Your application can now connect to localhost:4322 but all traffic will be forwarded to port 8000 on the login node.

See

python3 -m pyunicore.forwarder --help

for all options.

License

BSD 3-Clause License

Copyright (c) Human Brain Project, Forschungszentrum Juelich GmbH
All rights reserved.

Redistribution and use in source and binary forms, with or without
modification, are permitted provided that the following conditions are met:

* Redistributions of source code must retain the above copyright notice, this
  list of conditions and the following disclaimer.

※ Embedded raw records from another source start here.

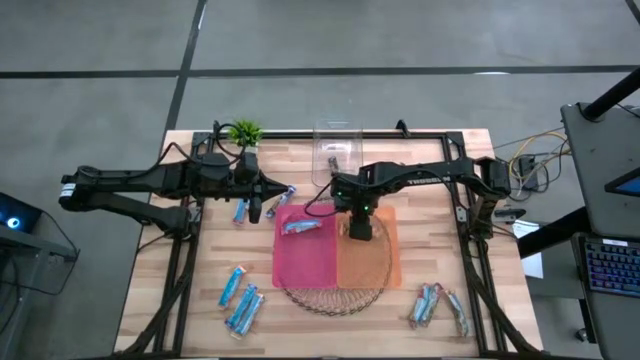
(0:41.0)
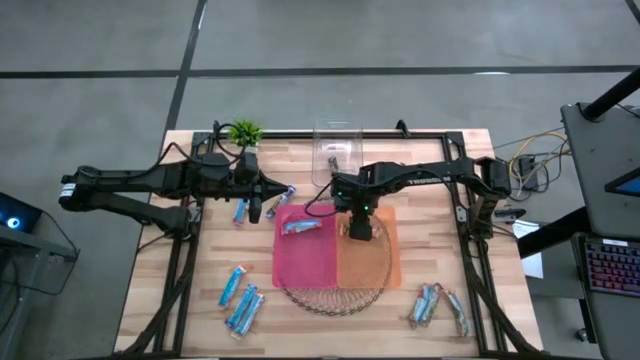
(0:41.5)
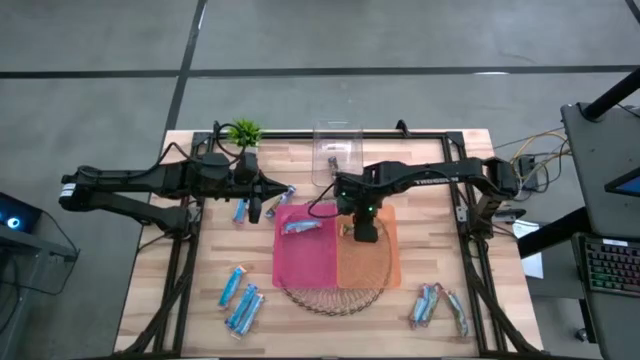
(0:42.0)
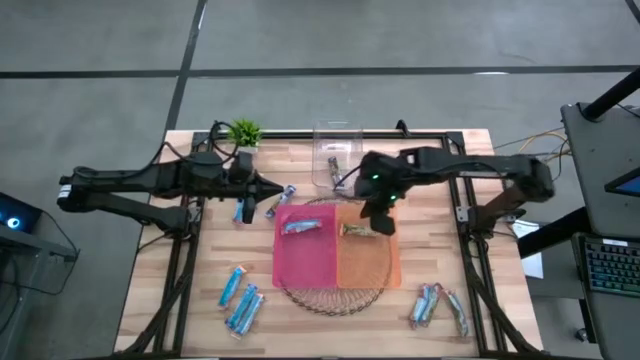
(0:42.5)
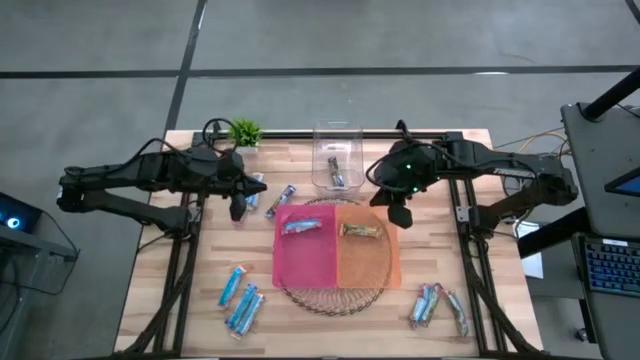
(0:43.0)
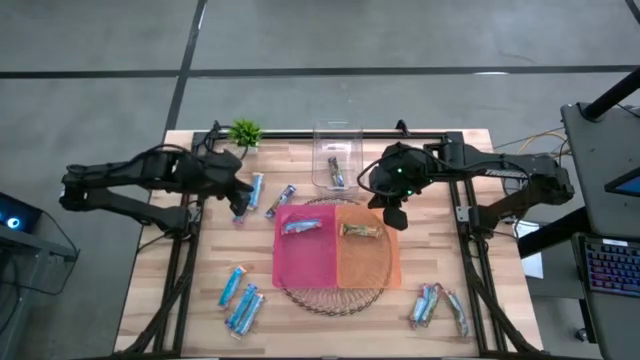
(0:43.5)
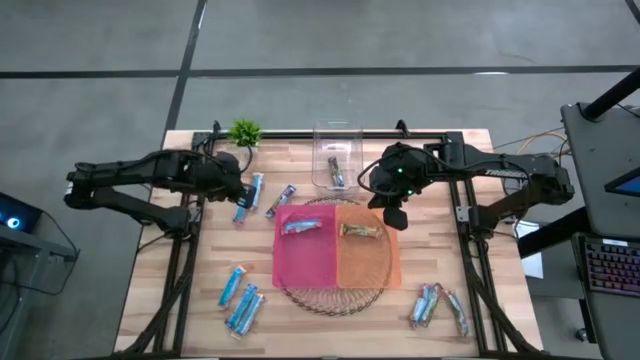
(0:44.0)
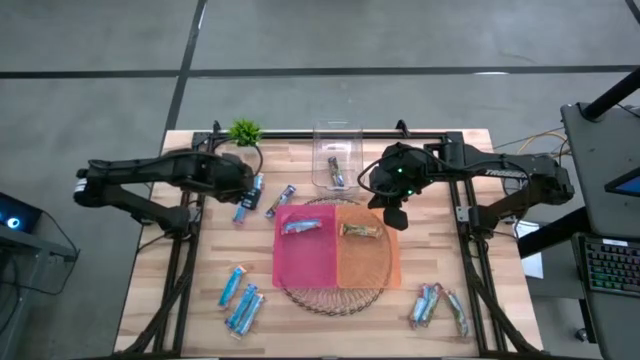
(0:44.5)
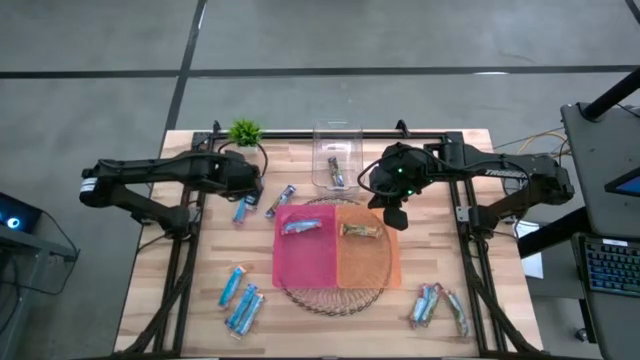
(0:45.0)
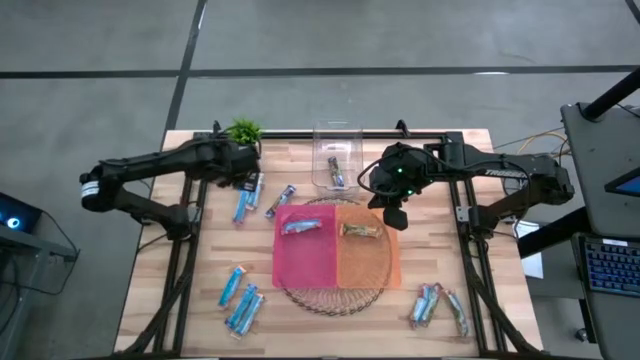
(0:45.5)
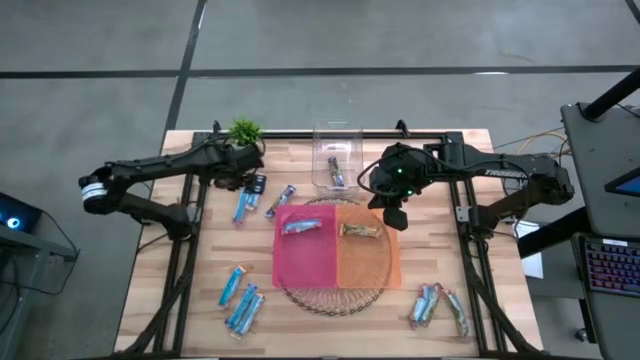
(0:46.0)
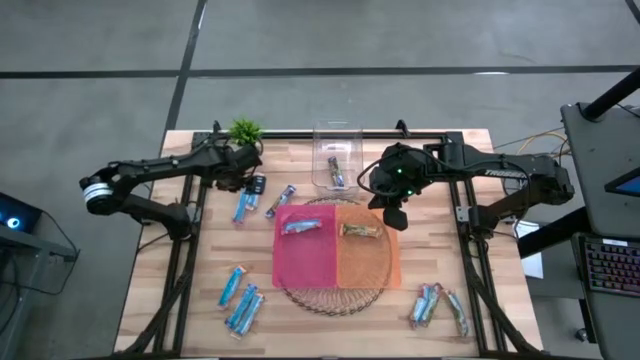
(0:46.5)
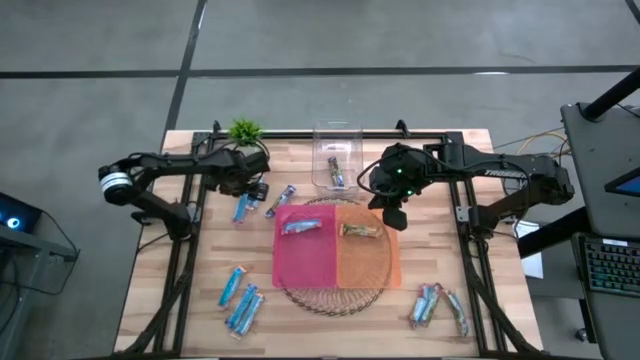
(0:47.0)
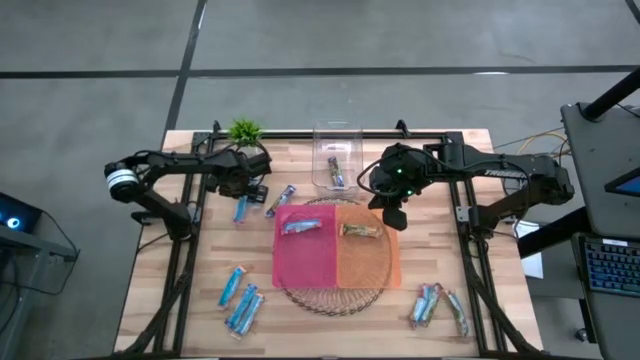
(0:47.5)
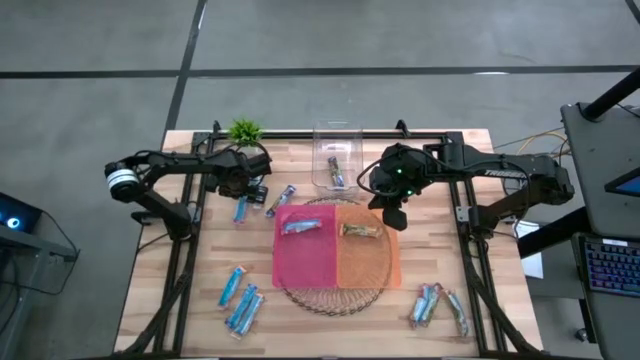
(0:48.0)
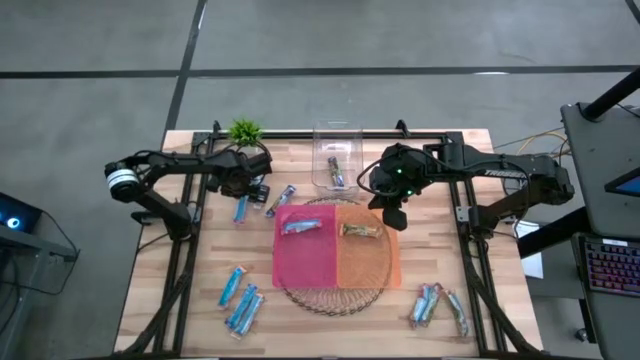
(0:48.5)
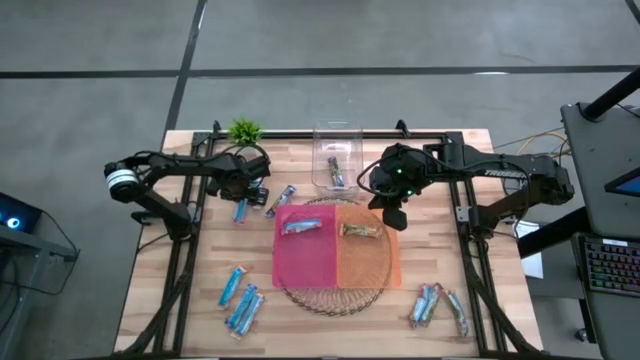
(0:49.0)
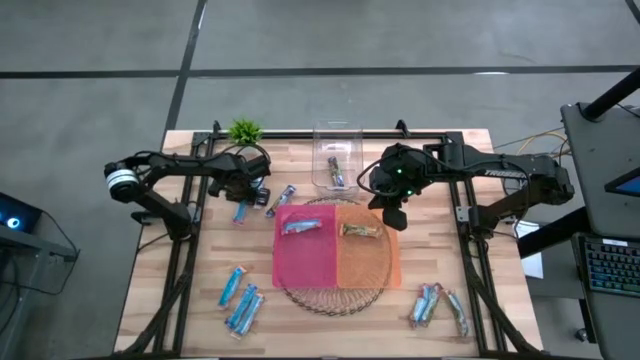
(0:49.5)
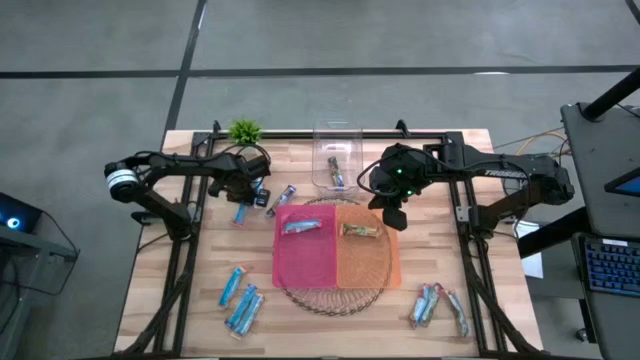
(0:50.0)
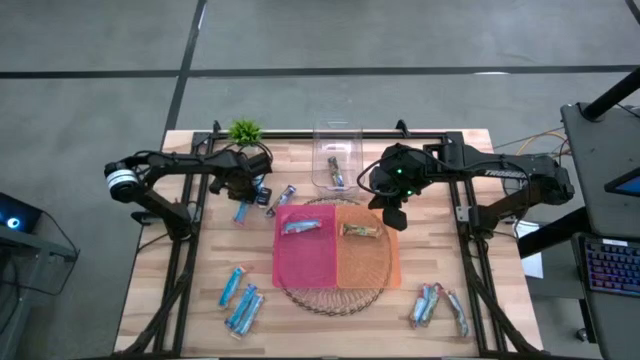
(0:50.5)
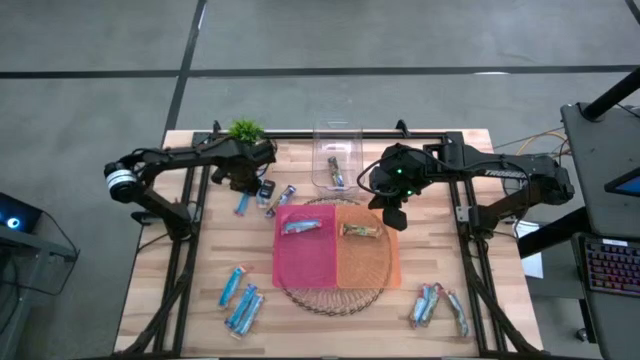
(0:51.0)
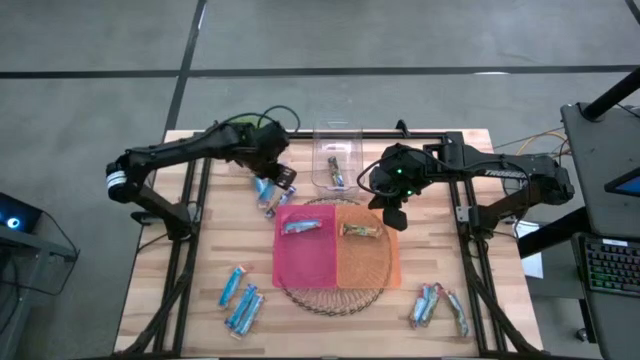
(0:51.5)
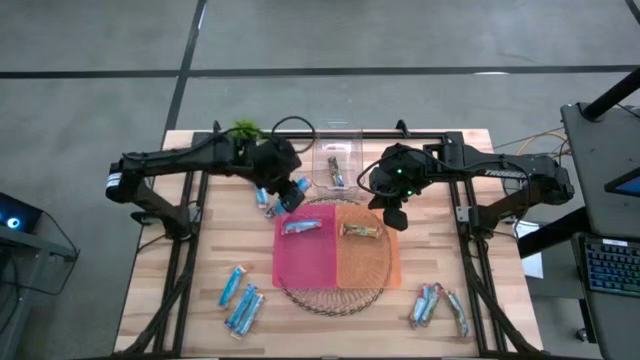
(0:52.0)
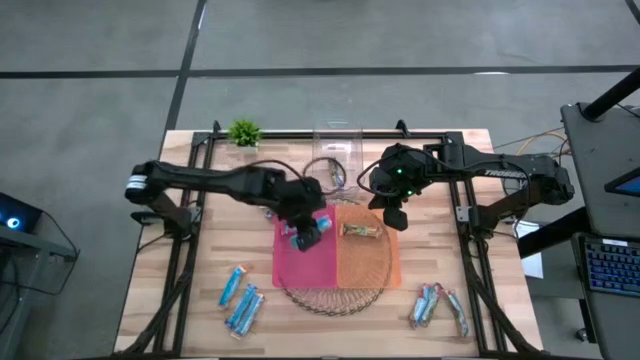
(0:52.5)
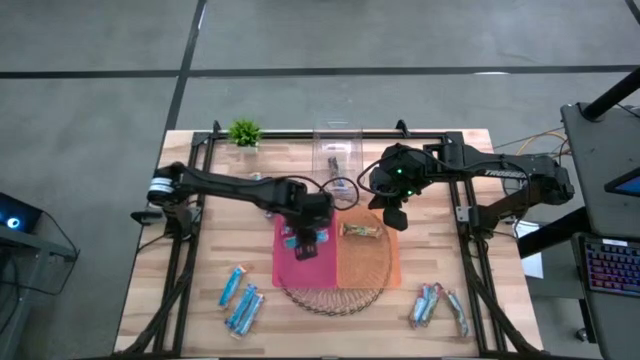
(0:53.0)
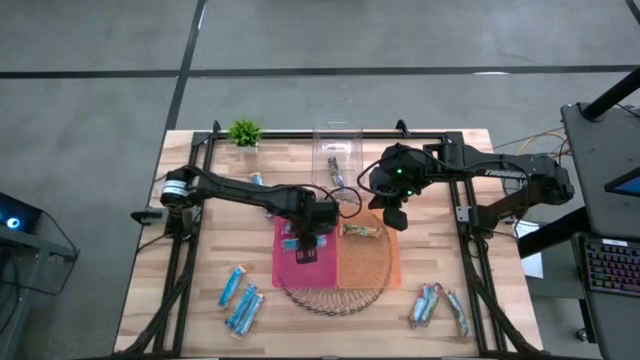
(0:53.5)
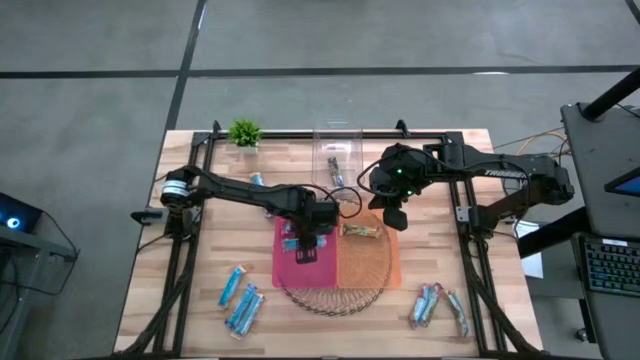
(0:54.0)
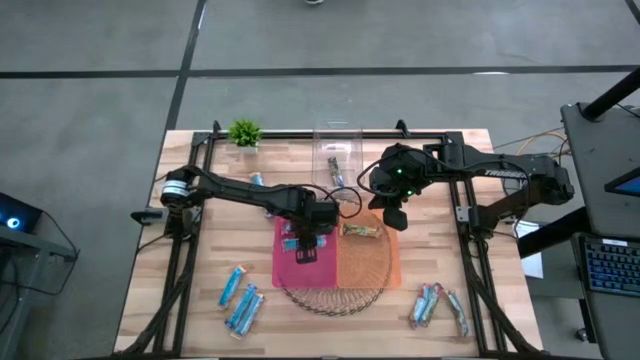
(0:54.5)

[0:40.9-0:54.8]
Task: Pick and place Granola Bars by type
Put the red granola bar into the red bin

* Redistributions in binary form must reproduce the above copyright notice,
  this list of conditions and the following disclaimer in the documentation
  and/or other materials provided with the distribution.

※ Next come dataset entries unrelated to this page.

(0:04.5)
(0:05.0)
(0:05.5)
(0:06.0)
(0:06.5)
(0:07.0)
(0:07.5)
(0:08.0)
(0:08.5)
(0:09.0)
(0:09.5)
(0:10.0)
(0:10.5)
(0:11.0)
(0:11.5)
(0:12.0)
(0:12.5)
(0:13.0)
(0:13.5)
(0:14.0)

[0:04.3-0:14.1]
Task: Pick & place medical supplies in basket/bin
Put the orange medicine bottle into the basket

* Neither the names of the copyright holders nor the names of its
  contributors may be used to endorse or promote products derived from
  this software without specific prior written permission.

THIS SOFTWARE IS PROVIDED BY THE COPYRIGHT HOLDERS AND CONTRIBUTORS "AS IS"
AND ANY EXPRESS OR IMPLIED WARRANTIES, INCLUDING, BUT NOT LIMITED TO, THE
IMPLIED WARRANTIES OF MERCHANTABILITY AND FITNESS FOR A PARTICULAR PURPOSE ARE
DISCLAIMED. IN NO EVENT SHALL THE COPYRIGHT HOLDER OR CONTRIBUTORS BE LIABLE
FOR ANY DIRECT, INDIRECT, INCIDENTAL, SPECIAL, EXEMPLARY, OR CONSEQUENTIAL
DAMAGES (INCLUDING, BUT NOT LIMITED TO, PROCUREMENT OF SUBSTITUTE GOODS OR
SERVICES; LOSS OF USE, DATA, OR PROFITS; OR BUSINESS INTERRUPTION) HOWEVER
CAUSED AND ON ANY THEORY OF LIABILITY, WHETHER IN CONTRACT, STRICT LIABILITY,
OR TORT (INCLUDING NEGLIGENCE OR OTHERWISE) ARISING IN ANY WAY OUT OF THE USE
OF THIS SOFTWARE, EVEN IF ADVISED OF THE POSSIBILITY OF SUCH DAMAGE.